Step 3 - calculate the probabilities (in percentage terms). To do this multiple the Frequency by 100 and divide by the total number of cards.

So in Example 1, the chance of drawing a particular Standard card is 100*100/7300=1.37%, while the chance of drawing a Rare card is correspondingly 0.137%. If we now add the City Vice cards (Example 2) then the chance of drawing a Standard card goes down to 100*100/7920=1.26% and the chance of a Rare card goes down to 0.126%. Finally if we expand our deck even more by adding menaces, conflicts etc (Example 3), Standard rate goes down to 100*100/10190=0.98% and Rare rate goes down to 0.098%.

Expected wait times

The examples above should show that the deck composition can change the probabilities significantly. However, the human brain isn’t very good at reading probabilities and a different metric might be more helpful.

The reason we care about card probabilities is because we want to know when we are going to draw a particular card we are waiting for. So a useful metric is “Expected wait time”, i.e. how many draws on average do we have to make before the card we are waiting for comes up. Once we have the probabilities, this is really easy to calculate - simply divide 100 by that probability.

So in Example 1, the expected wait time for a standard card is 100/1.37=73. So you’d expect to have to draw 73 cards before the card you are waiting for comes up. In other words, for a dedicated player who spends all of their actions, they should expect to draw such a card twice a day. The expected wait time for a Rare card is 730. So a Rare card should appear once in 5 days (in this maximally trimmed version of the deck).

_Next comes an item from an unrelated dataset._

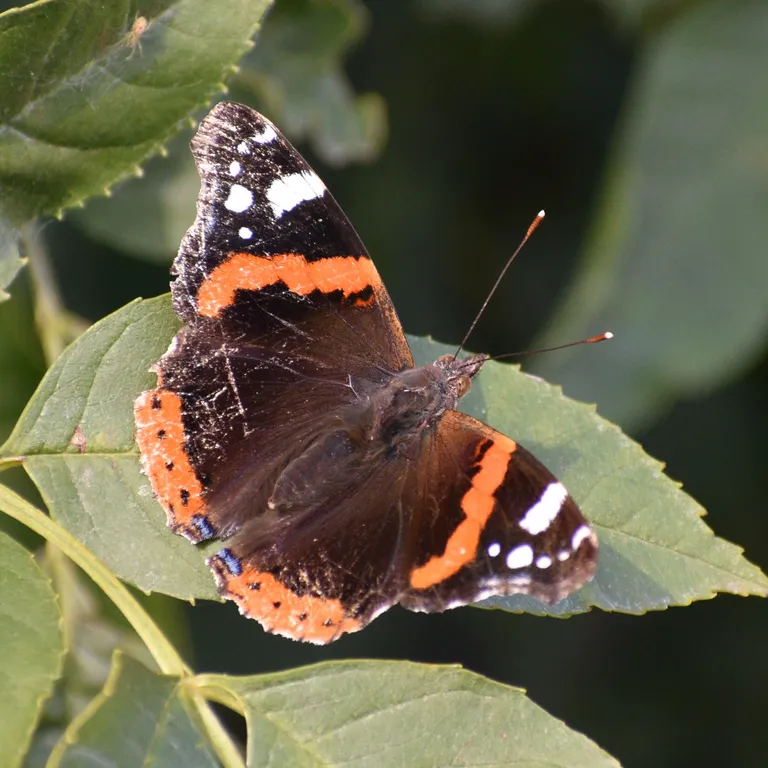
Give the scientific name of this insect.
Vanessa atalanta

By contract, in Example 3, the expected wait times for Standard and Rare cards are 102 and 1020. You’d draw a standard card once or so each day but the Rare card would take as much as a full week. So you lose 2 days, on average, when fishing for a Rare card without trimming your deck.

Now, you may say that once a week for a rare card in a bloated deck is overly optimistic. There are three things to bear in mind:

- A deck may be even more bloated than mine in Example 3
- The expected wait time is just an average. When dealing with randomness you also have to deal with the concept of “variance”. I won’t get into this here but suffice to say that if a Rare draw has probability 0.098 and expected wait time of 1020 then you should not be surprised if you actually have to wait as much as 1020*(1+2*sqrt(100-0.098)/10)=3059 or in other words 3 weeks.
- Even unexpected results can happen. If you find yourself waiting for 2 months for a rare card that’s not, statistically speaking, all that implausible. Some other time you may find yourself drawing 3 Moods in a single day!

Hopefully some of you would find this interesting or insightful.